Administrator and 3rd Governor of Bayelsa State
- In office 27 June 1997 – 9 July 1998
- Preceded by: Habu Daura
- Succeeded by: Paul Obi

Federal Minister of Special Duties
- In office 6 April 2010 – 2015

Personal details
- Born: 30 November 1954 Ipoti-Ekiti, Federation of Nigeria
- Died: 11 May 2025 (aged 70) Apapa, Lagos, Nigeria

Military service
- Allegiance: Nigeria
- Branch/service: Nigerian Navy
- Rank: Navy Captain

= Omoniyi Caleb Olubolade =

Nigerian military administrator (1954–2025)

Navy Captain Omoniyi Caleb Olubolade (30 November 1954 – 11 May 2025) was a Nigerian military administrator of Bayelsa State who was appointed minister of special duties on 6 April 2010, when acting president Goodluck Jonathan announced his new cabinet.

==Life and career==
Olubolade was born on 30 November 1954 at Ipoti-Ekiti, now in Ijero LGA of Ekiti State.
He was commissioned into the Nigerian Navy in 1974, and attended courses including the Britannia Royal Naval College, UK in 1975 and the Naval College of Engineering, India in 1979.
On 9 June 1997, he was appointed military administrator of the newly created Bayelsa State by the military government of General Sani Abacha.
As governor, on 4 May 1998, he established the Bayelsa State Council for Arts & Culture.
Olubolade retired from the Nigerian Navy in 1999 at the start of the new democratic regime (Fourth Republic).

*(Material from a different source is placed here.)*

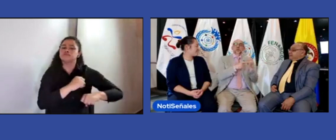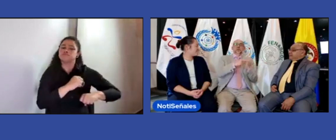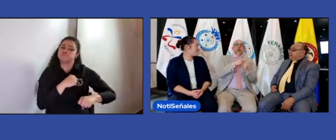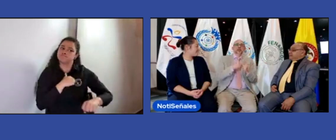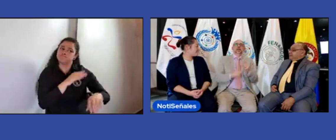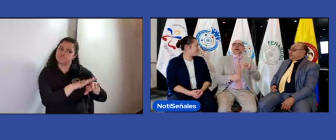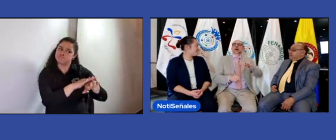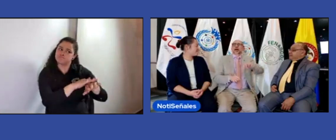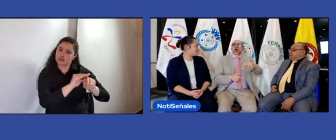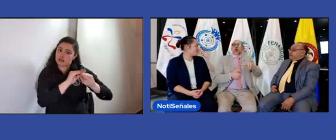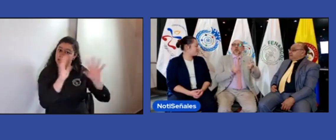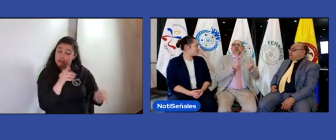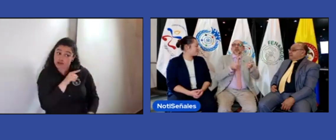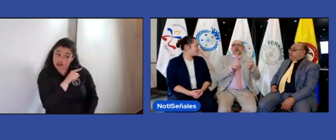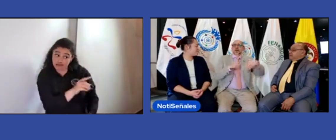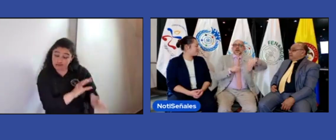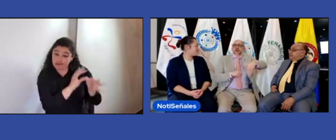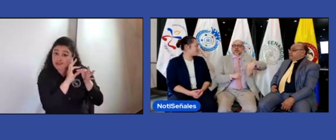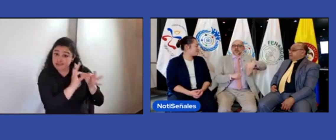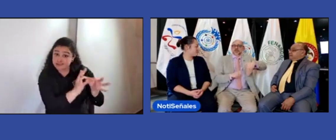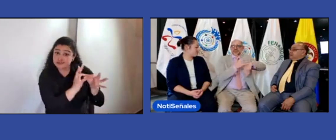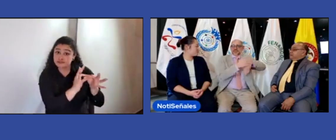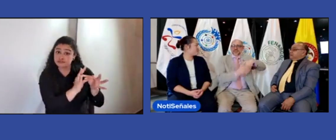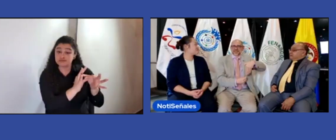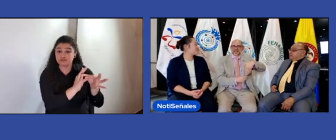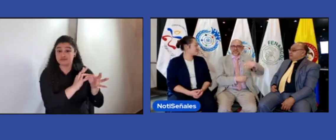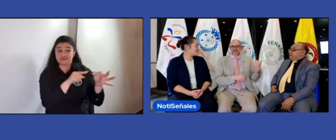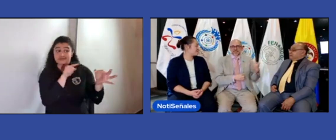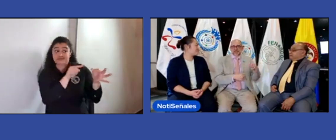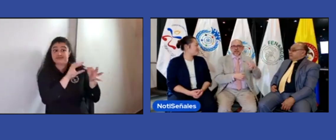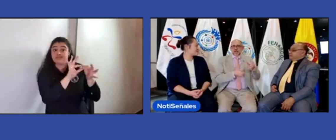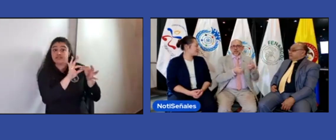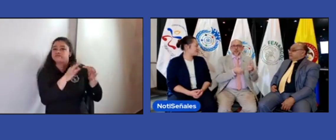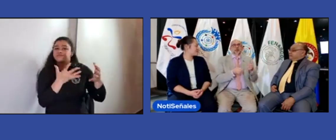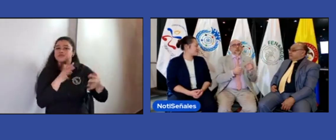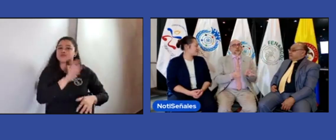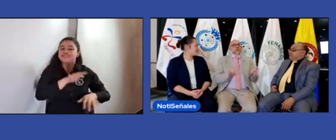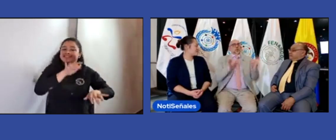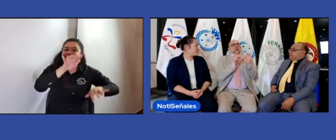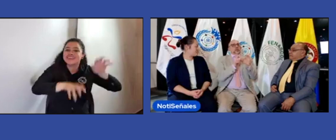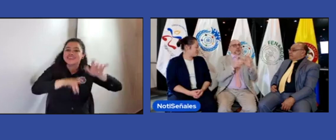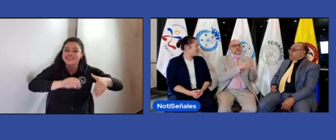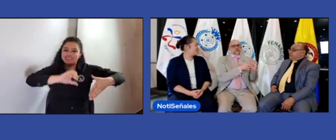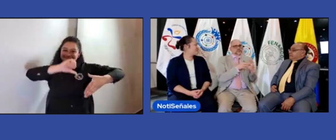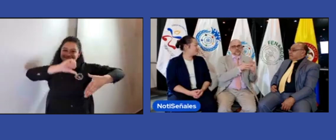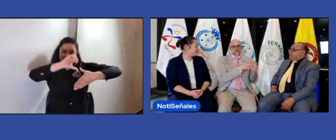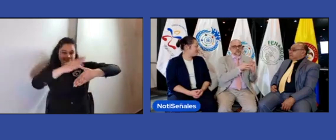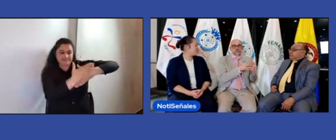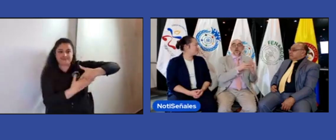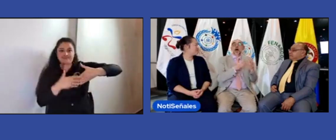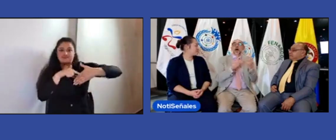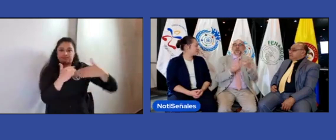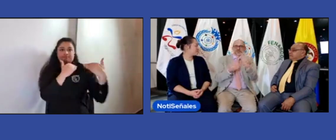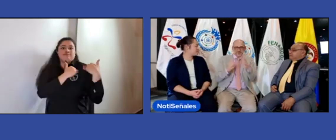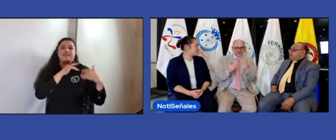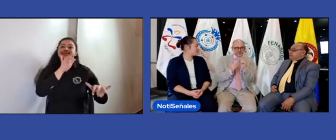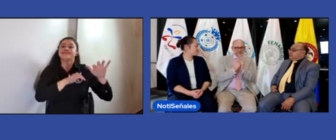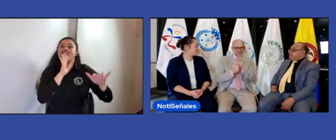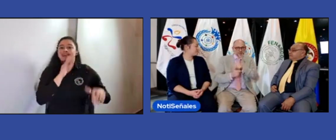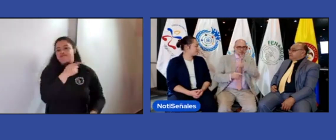quisiera contarles pues también que pues Henry es el director general de Benascol pero a su vez es el secretario regional

In April 2006, Olubolade was briefly arrested during a House of Representatives by-election in the Ekiti South II Federal Constituency.
He was an aspirant to become Action Congress (AC) candidate for governor of Ekiti State in the April 2007 elections.
Later in 2006, he defected to the People's Democratic Party (PDP). He was appointed chairman of the Ekiti State Project Monitoring Committee by Governor Segun Oni. Olubolade was a frontrunner in the Ekiti state governorship race 2014 election, under the Peoples Democratic Party. Olubolade formally declared his governorship ambition on Saturday, 22 February 2014, at the PDP state secretariat Ado Ekiti. On 11 May 2025, Olubolade died aged 70.

Olubolade died at a hospital in Apapa, Lagos, on 11 May 2025, at the age of 70. He had been playing lawn tennis at a local facility when he suffered a medical emergency, and despite others' efforts, could not be saved.